Ein bleicher junger Ägypter trat heran und begrüsste mich vertraulich wie eine alte Bekannte. Die furchtbare Uräusschlange auf seinem Haupte passte gar nicht zu seinem etwas faden Gesicht. Er machte einen dürftigen und verlegenen Eindruck und schien doch anzunehmen, dass ich ihn kennte. Ich wusste nicht, was ich mit ihm machen sollte. Sanders lachte. Er hatte schon wieder die wohlgelaunte Gemütsruhe, wie sie die englischen Klubleute haben.
„Oh — Nofretete!“ sagte er. „Sehen Sie nicht Zepter und Lebensschlüssel, Sonne und Säule auf seinem Gewand? Das sind die Hieroglyphen des Pharao Tutanchamen selber! Er will Ihnen als höflicher Schwiegersohn guten Tag sagen!“
„Schwiegersohn?“ frug ich ungläubig. Es entsetzte mich, dass ich auch noch mit diesem Geisterkönig verwandt sein sollte, der den Menschen den Tod brachte. Sanders lachte wieder.
„Sie haben Ihren ganzen Familienstand vergessen! Sie haben sieben Töchter, Nofretete!“ belehrte er mich. „Die dritte — die Anch-nes-atem — haben Sie Tutanchamen zur Frau gegeben. Ich kann Ihnen nicht helfen: Sie sind Schwiegermutter!“
Das verdross mich. Die Nofretete sollte schön und jung sein. Der matte Tutanchamen, der aussah, als ob er wirklich vergiftet worden wäre, ging mir auf meine schon so unruhigen Nerven. Ich war wenig freundlich zu dem Schwiegersohn. Er empfahl sich auch bald. Er war, wie Sanders sagte, ein Beamter bei einem der Gemischten Gerichtshöfe.
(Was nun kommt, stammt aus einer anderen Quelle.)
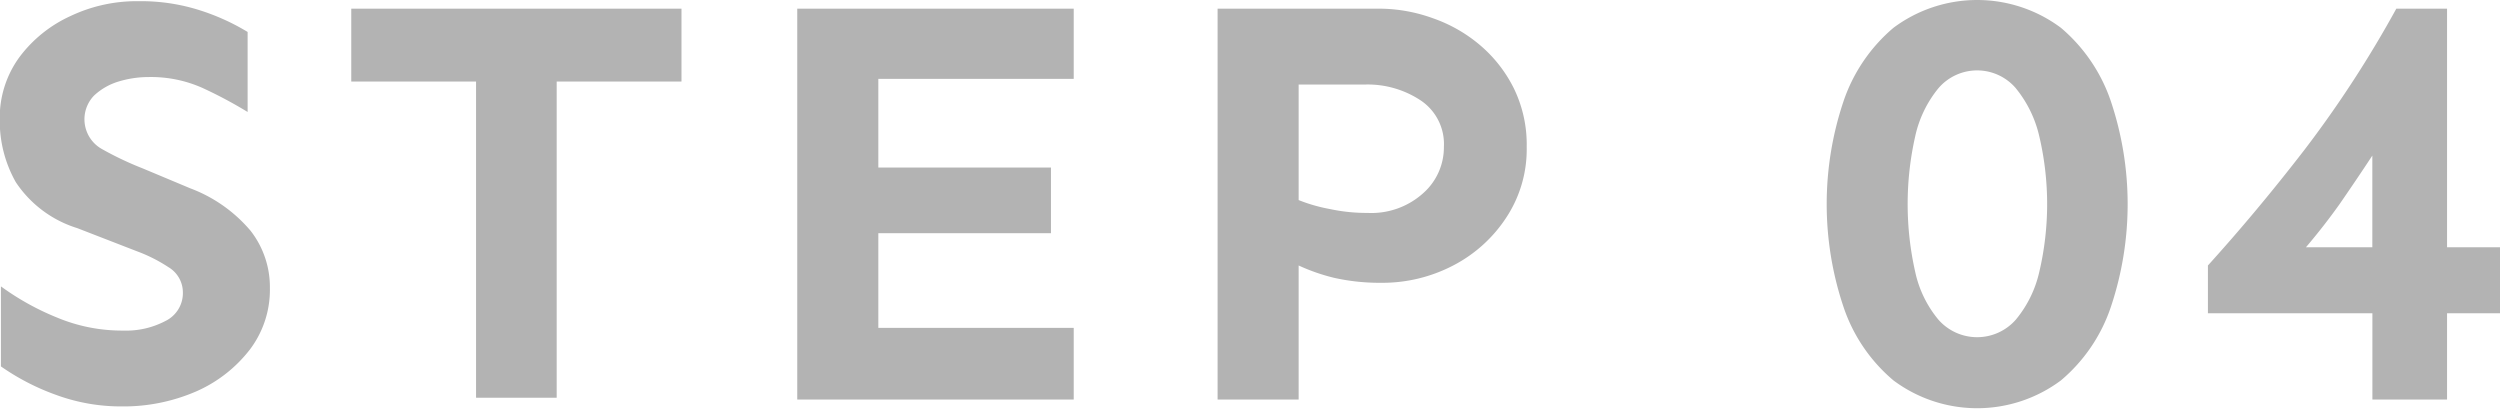 <svg xmlns="http://www.w3.org/2000/svg" width="83.718" height="13.68" viewBox="0 0 83.718 13.68">
  <defs>
    <style>
      .cls-1 {
        fill: #b3b3b3;
        fill-rule: evenodd;
      }
    </style>
  </defs>
  <path id="STEP04.svg" class="cls-1" d="M219.793,1997.42a4.415,4.415,0,0,0-1.709,1.38,3.432,3.432,0,0,0-.654,2.08,4.165,4.165,0,0,0,.537,2.1,3.831,3.831,0,0,0,2.06,1.54l2.012,0.78a5.177,5.177,0,0,1,1.045.53,0.983,0.983,0,0,1,.478.83,1.039,1.039,0,0,1-.586.97,2.818,2.818,0,0,1-1.406.32,5.635,5.635,0,0,1-2.207-.43,8.734,8.734,0,0,1-1.894-1.05v2.68a7.837,7.837,0,0,0,1.836.95,6.309,6.309,0,0,0,2.207.39,6.111,6.111,0,0,0,2.49-.5,4.609,4.609,0,0,0,1.8-1.4,3.314,3.314,0,0,0,.674-2.06,3.068,3.068,0,0,0-.645-1.92,4.89,4.89,0,0,0-2.012-1.42l-1.6-.67a10.784,10.784,0,0,1-1.387-.66,1.141,1.141,0,0,1-.244-1.78,2.078,2.078,0,0,1,.82-0.47,3.469,3.469,0,0,1,1.006-.15,4.232,4.232,0,0,1,1.816.37,14.6,14.6,0,0,1,1.5.8v-2.68a7.409,7.409,0,0,0-1.582-.72,6.47,6.47,0,0,0-2.07-.31A5.172,5.172,0,0,0,219.793,1997.42Zm9.408-.25v2.44h4.179v10.59h2.7v-10.59h4.179v-2.44H229.2Zm17.65,5.32v-2.97h6.543v-2.35h-9.258v13.09h9.258v-2.4h-6.543v-3.17h5.781v-2.2h-5.781Zm11.361-5.32v13.09h2.714v-4.49a6.435,6.435,0,0,0,1.172.41,6.93,6.93,0,0,0,1.582.17,5.122,5.122,0,0,0,2.422-.58,4.706,4.706,0,0,0,1.787-1.62,4.152,4.152,0,0,0,.674-2.35,4.293,4.293,0,0,0-.42-1.94,4.548,4.548,0,0,0-1.133-1.46,4.939,4.939,0,0,0-1.591-.91,5.3,5.3,0,0,0-1.8-.32h-5.41Zm4.961,2.54a3.217,3.217,0,0,1,1.836.53,1.758,1.758,0,0,1,.781,1.56,2.049,2.049,0,0,1-.694,1.55,2.593,2.593,0,0,1-1.865.66,5.864,5.864,0,0,1-1.26-.13,5.427,5.427,0,0,1-1.045-.3v-3.87h2.247Zm17.673-1.9a5.55,5.55,0,0,0-1.68,2.48,10.809,10.809,0,0,0,0,6.85,5.5,5.5,0,0,0,1.68,2.48,4.688,4.688,0,0,0,5.605,0,5.5,5.5,0,0,0,1.68-2.48,10.827,10.827,0,0,0,0-6.85,5.55,5.55,0,0,0-1.68-2.48A4.688,4.688,0,0,0,280.846,1997.81Zm4.1,2.03a3.928,3.928,0,0,1,.781,1.6,9.934,9.934,0,0,1,0,4.55,3.821,3.821,0,0,1-.781,1.59,1.724,1.724,0,0,1-2.6,0,3.732,3.732,0,0,1-.772-1.59,10.315,10.315,0,0,1,0-4.55,3.835,3.835,0,0,1,.772-1.6A1.705,1.705,0,0,1,284.947,1999.84Zm12.738-2.67a37.508,37.508,0,0,1-3.086,4.74c-1.081,1.4-2.155,2.68-3.223,3.86v1.6h5.508v2.89h2.5v-2.89h1.778v-2.21h-1.778v-7.99h-1.7Zm-0.8,7.99h-2.226q0.6-.705,1.123-1.44c0.345-.5.713-1.04,1.1-1.63v3.07Z" transform="translate(-217.438 -1996.88)"/>
</svg>

In mir blieb eine trübe Stimmung. Das Fest im Tempel dauerte stundenlang. Ich wurde eine quälende Sorge um Sanders nicht los, auch wenn wir als König und Königin miteinander lachten und schwatzten. Ich sagte mir vergebens, dass ich ihn eben erst kennengelernt habe und dass er mich doch rein gar nichts anginge. Aber ich sah immer drohend vor ihm die kleine, böse, schwarze Mumie des Pharao Scheschonk. Das war bei mir die reine Zwangsvorstellung. Ich war ganz wütend auf mich. Ich kannte mich gar nicht wieder, im heissesten Indien hatte ich mich besser in der Gewalt.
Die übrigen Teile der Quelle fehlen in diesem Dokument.